— Problem —
Copy out each line of the data below in which "earliest" appears.

— Data —
%%

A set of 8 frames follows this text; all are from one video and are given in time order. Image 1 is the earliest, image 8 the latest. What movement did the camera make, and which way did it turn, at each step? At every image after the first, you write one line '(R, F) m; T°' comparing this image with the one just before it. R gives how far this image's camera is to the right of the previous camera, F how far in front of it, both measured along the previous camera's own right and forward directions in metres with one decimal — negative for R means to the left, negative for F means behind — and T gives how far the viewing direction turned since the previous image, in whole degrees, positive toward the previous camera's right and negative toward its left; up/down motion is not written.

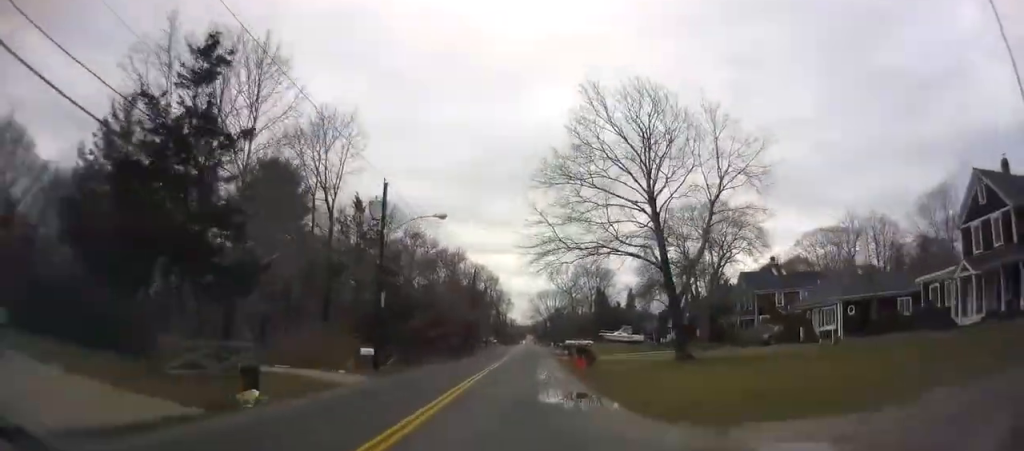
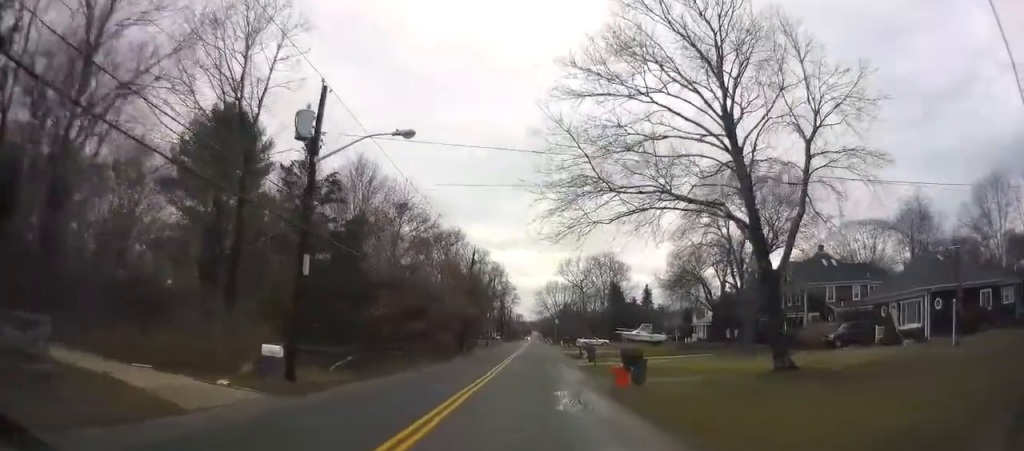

%%
%%

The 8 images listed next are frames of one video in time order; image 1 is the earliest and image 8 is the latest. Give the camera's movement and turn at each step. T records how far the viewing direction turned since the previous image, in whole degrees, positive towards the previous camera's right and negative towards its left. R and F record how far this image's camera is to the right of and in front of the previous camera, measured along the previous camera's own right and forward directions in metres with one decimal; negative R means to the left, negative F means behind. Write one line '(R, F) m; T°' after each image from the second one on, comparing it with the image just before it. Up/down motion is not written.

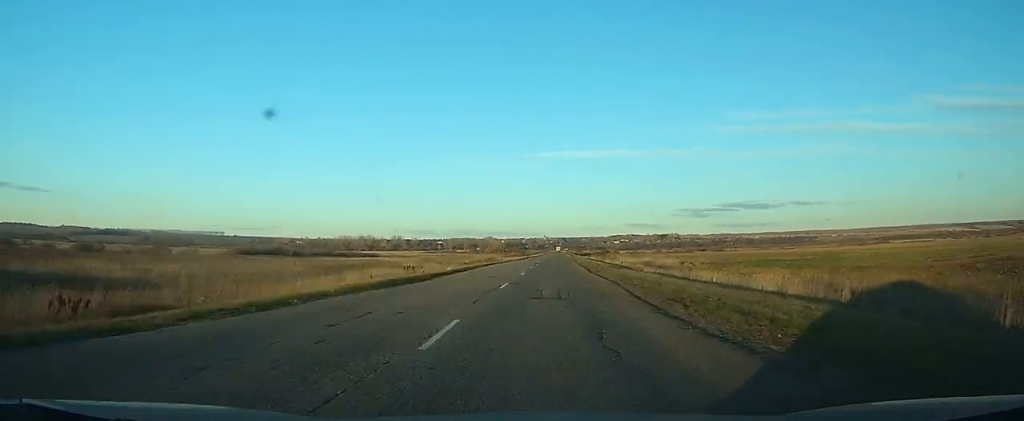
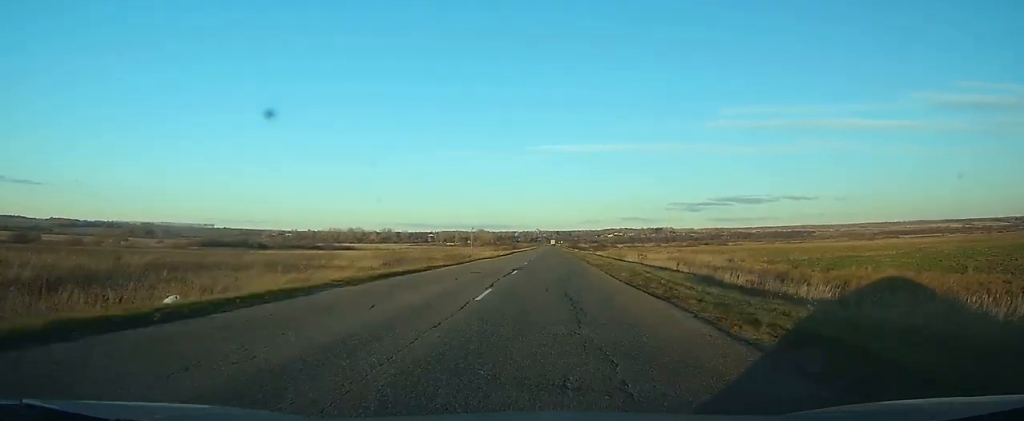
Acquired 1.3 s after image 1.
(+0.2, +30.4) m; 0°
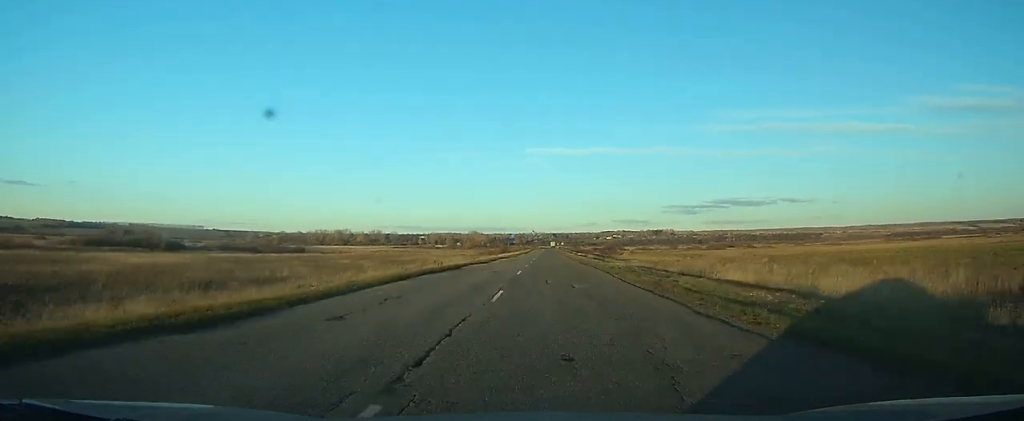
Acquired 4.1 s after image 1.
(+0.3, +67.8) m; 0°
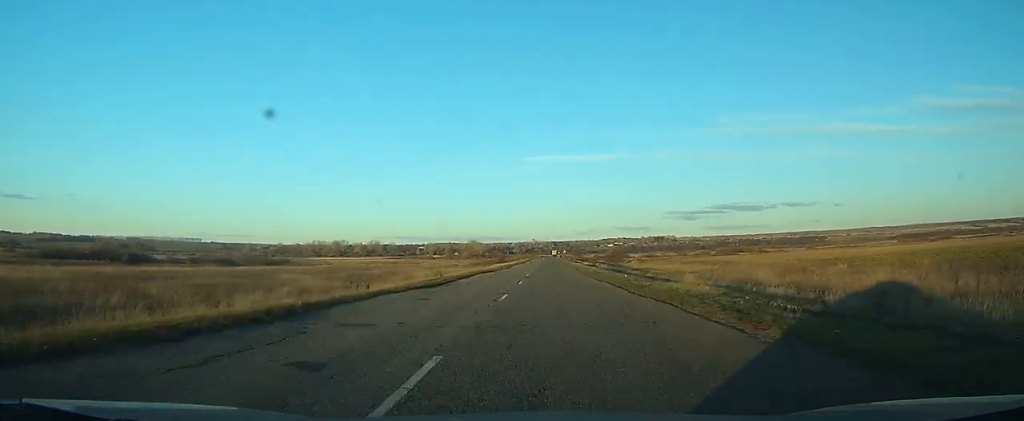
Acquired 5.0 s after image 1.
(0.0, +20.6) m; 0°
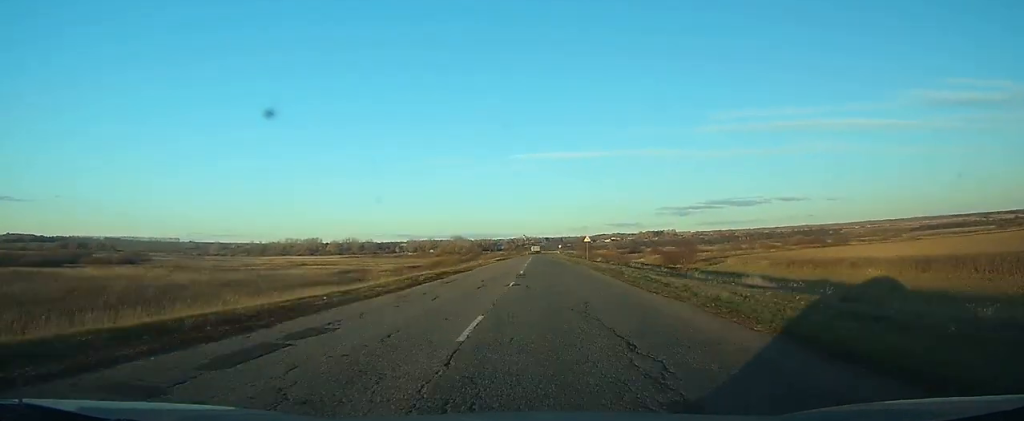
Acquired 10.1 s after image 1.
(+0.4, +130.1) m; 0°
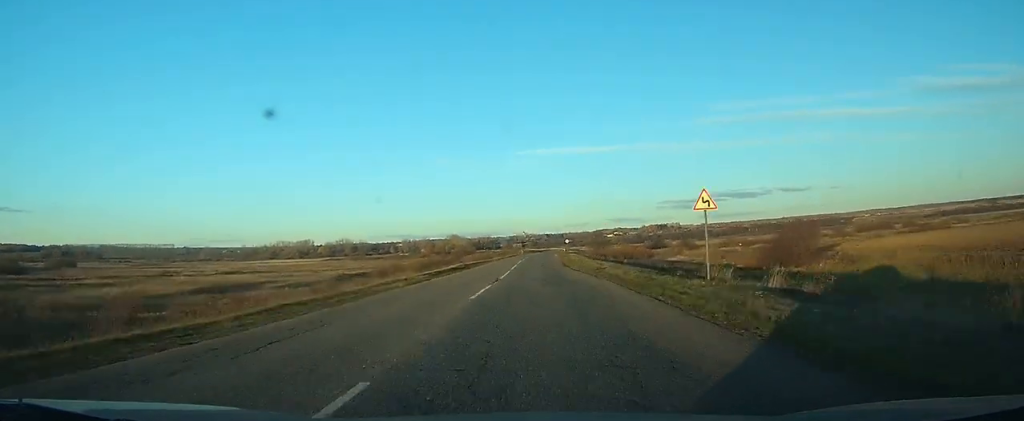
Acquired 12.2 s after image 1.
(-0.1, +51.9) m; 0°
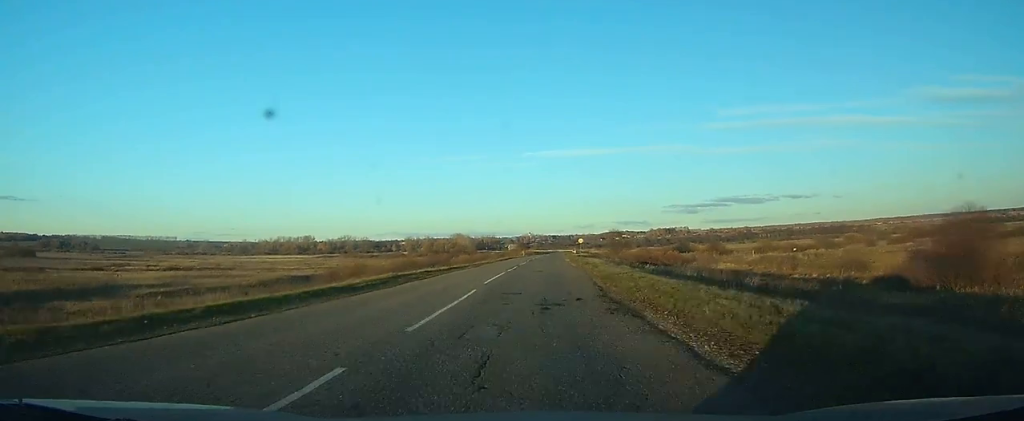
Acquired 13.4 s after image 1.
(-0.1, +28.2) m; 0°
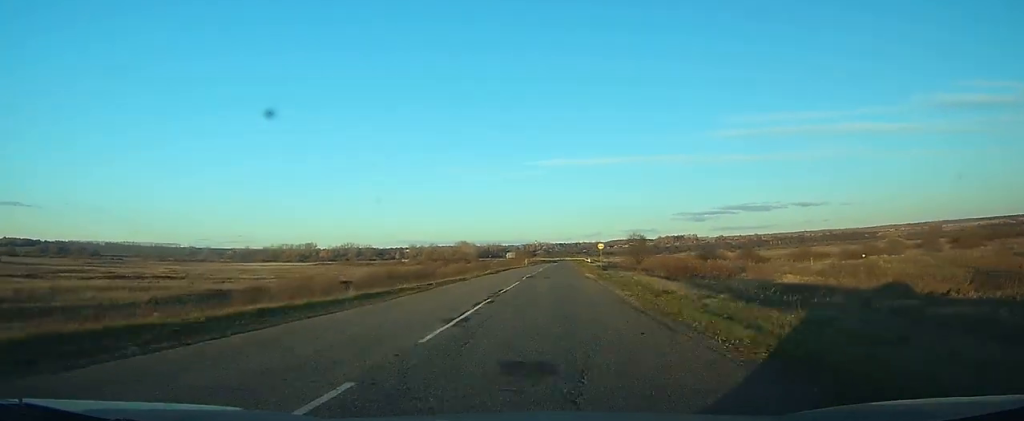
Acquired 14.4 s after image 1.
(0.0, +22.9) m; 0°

%%

— Problem solution —
A set of 8 frames follows this text; all are from one video and are given in time order. Image 1 is the earliest, image 8 the latest. What movement did the camera make, and which way did it turn, at each step? At every image after the first, you write one line '(R, F) m; T°' comparing this image with the one just before it. R gives how far this image's camera is to the right of the previous camera, F how far in front of it, both measured along the previous camera's own right and forward directions in metres with one decimal — negative for R means to the left, negative for F means behind — and T gives how far the viewing direction turned since the previous image, in whole degrees, positive toward the previous camera's right and negative toward its left; up/down motion is not written.
The 8 images listed next are frames of one video in time order; image 1 is the earliest and image 8 is the latest. Give the camera's movement and turn at each step. T records how far the viewing direction turned since the previous image, in whole degrees, positive towards the previous camera's right and negative towards its left. R and F record how far this image's camera is to the right of and in front of the previous camera, measured along the previous camera's own right and forward directions in metres with one decimal; negative R means to the left, negative F means behind. Write one line '(R, F) m; T°' after each image from the second one on, comparing it with the image just before it. Up/down motion is not written.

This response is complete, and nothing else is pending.